Re: RAID1 repair GPF crash w/3.10-rc7
From: Joe Lawrence <hidden>
Date: 2013-07-03 21:49:51
On Mon, 1 Jul 2013, Joe Lawrence wrote:
Hi Kent & Neil, I've hit a crash in MD during RAID1 repair while running 3.10-rc7: [ ... snip ... ]
Hi Neil,
Looking through the MD source, I'm trying to understand part of the
RAID1 repair path.
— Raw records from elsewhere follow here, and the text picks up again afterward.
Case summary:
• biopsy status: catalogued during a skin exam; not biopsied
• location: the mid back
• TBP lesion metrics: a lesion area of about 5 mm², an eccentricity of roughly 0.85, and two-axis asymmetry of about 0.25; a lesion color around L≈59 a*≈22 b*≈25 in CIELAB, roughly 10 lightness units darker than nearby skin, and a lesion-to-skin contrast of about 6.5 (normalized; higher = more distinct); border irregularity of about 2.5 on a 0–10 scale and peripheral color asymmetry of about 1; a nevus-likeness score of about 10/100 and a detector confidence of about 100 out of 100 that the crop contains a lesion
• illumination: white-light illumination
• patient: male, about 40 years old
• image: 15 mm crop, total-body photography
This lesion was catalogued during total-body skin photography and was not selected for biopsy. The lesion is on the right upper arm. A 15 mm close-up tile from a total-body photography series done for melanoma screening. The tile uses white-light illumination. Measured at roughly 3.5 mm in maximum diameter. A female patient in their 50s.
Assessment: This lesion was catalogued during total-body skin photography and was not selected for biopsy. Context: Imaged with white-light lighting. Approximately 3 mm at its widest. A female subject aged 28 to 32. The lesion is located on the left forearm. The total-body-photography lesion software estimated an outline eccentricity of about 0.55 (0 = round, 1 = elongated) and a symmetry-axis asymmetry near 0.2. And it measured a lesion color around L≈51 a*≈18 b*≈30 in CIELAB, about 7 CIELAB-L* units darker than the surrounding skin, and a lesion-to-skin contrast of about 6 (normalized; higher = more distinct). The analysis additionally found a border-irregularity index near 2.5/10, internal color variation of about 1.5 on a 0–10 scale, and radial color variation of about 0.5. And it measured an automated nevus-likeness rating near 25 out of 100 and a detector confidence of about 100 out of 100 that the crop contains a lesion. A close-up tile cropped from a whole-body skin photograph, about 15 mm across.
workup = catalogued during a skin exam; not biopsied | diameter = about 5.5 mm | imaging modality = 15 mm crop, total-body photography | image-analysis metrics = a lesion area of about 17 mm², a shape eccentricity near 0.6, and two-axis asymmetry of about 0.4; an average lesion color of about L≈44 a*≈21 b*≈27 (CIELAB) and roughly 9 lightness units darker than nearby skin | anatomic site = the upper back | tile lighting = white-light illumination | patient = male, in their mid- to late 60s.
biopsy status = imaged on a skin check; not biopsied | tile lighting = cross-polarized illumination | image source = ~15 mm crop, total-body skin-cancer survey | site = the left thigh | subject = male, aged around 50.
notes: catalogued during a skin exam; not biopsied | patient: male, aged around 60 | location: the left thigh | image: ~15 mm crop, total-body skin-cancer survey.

I came up with a few questions:
1 - During user initiated RAID1 repair, is the loop at the bottom of
sync_request(), under the bio_full label, responsible for submitting all
of the initial read bios?
2 - Does process_checks() later find the first uptodate read bio and
copy its data into the other r1_bio->bios[] for write repair to the
other disks?
If both are true, then perhaps the following applies to this crash...
Comments in commit f79ea416 "block: Refactor blk_update_request()" msg
include:
Note that req_bio_endio() now always calls bio_advance() - which
means it always loops over the biovec, not just on partial
completions. Don't expect it to affect performance, but worth
noting.
Now that process_checks() has been further modified for immutable bio
prep (commit d3b45c2 "raid1: use bio_copy_data()"), it calls
bio_copy_data() to fill in the write repair bios... which starts
indexing the bi_bio_vec[] from wherever bi_idx happens to be.
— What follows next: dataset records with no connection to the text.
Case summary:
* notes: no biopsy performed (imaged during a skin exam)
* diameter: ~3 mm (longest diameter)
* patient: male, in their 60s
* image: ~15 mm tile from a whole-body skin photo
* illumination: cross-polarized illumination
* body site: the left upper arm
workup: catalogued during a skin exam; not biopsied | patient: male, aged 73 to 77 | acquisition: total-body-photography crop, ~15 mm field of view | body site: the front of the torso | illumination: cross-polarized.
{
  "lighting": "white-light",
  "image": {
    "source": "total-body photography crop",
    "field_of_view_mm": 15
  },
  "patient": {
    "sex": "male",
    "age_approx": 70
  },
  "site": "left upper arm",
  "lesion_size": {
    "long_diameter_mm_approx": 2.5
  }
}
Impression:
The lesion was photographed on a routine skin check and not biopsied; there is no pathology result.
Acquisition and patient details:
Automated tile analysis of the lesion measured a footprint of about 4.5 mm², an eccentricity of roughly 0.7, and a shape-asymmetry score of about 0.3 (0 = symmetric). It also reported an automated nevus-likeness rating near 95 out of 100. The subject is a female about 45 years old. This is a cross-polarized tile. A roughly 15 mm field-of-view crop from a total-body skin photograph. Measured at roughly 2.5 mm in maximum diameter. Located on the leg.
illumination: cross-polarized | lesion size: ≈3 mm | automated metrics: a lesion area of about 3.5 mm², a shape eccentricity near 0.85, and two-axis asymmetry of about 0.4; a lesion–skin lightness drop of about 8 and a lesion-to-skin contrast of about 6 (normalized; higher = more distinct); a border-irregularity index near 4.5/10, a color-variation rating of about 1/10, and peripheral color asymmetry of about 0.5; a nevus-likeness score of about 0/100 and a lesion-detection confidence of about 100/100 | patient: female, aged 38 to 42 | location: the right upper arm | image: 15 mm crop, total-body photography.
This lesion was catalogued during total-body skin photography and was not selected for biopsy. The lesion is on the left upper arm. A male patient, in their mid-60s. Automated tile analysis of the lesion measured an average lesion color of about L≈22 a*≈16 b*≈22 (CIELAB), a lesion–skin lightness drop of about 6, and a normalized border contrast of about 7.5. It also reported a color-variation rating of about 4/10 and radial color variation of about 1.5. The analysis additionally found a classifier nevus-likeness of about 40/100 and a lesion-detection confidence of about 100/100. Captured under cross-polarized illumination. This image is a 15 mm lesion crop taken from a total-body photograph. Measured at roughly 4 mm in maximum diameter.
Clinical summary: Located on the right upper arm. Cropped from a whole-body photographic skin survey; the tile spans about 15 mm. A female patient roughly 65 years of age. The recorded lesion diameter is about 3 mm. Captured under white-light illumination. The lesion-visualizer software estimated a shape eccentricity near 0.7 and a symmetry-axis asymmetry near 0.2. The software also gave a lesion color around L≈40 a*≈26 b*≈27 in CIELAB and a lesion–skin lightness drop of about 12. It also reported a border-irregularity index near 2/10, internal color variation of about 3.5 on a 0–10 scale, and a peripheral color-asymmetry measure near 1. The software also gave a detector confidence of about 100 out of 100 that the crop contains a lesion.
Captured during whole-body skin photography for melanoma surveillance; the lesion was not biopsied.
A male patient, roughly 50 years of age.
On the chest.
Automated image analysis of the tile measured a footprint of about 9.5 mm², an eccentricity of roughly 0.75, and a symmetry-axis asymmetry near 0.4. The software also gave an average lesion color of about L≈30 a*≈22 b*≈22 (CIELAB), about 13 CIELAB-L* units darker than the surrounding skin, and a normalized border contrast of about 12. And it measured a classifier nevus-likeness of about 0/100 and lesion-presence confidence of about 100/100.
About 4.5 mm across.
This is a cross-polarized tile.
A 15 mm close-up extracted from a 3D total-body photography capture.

If this is indeed the case, I'm having trouble coming up with a good
solution:
- Immutable bios means drivers don't touch bi_idx. So MD shouldn't
"re-wind" the source bi_idx before calling bio_copy_data().
- bio_copy_data() could copy the entire source bi_bio_vec[], as MD had
done in the past, but that is that safe? (ie, can we map bio
vectors once they have been iterated over?)
Thanks,
-- Joe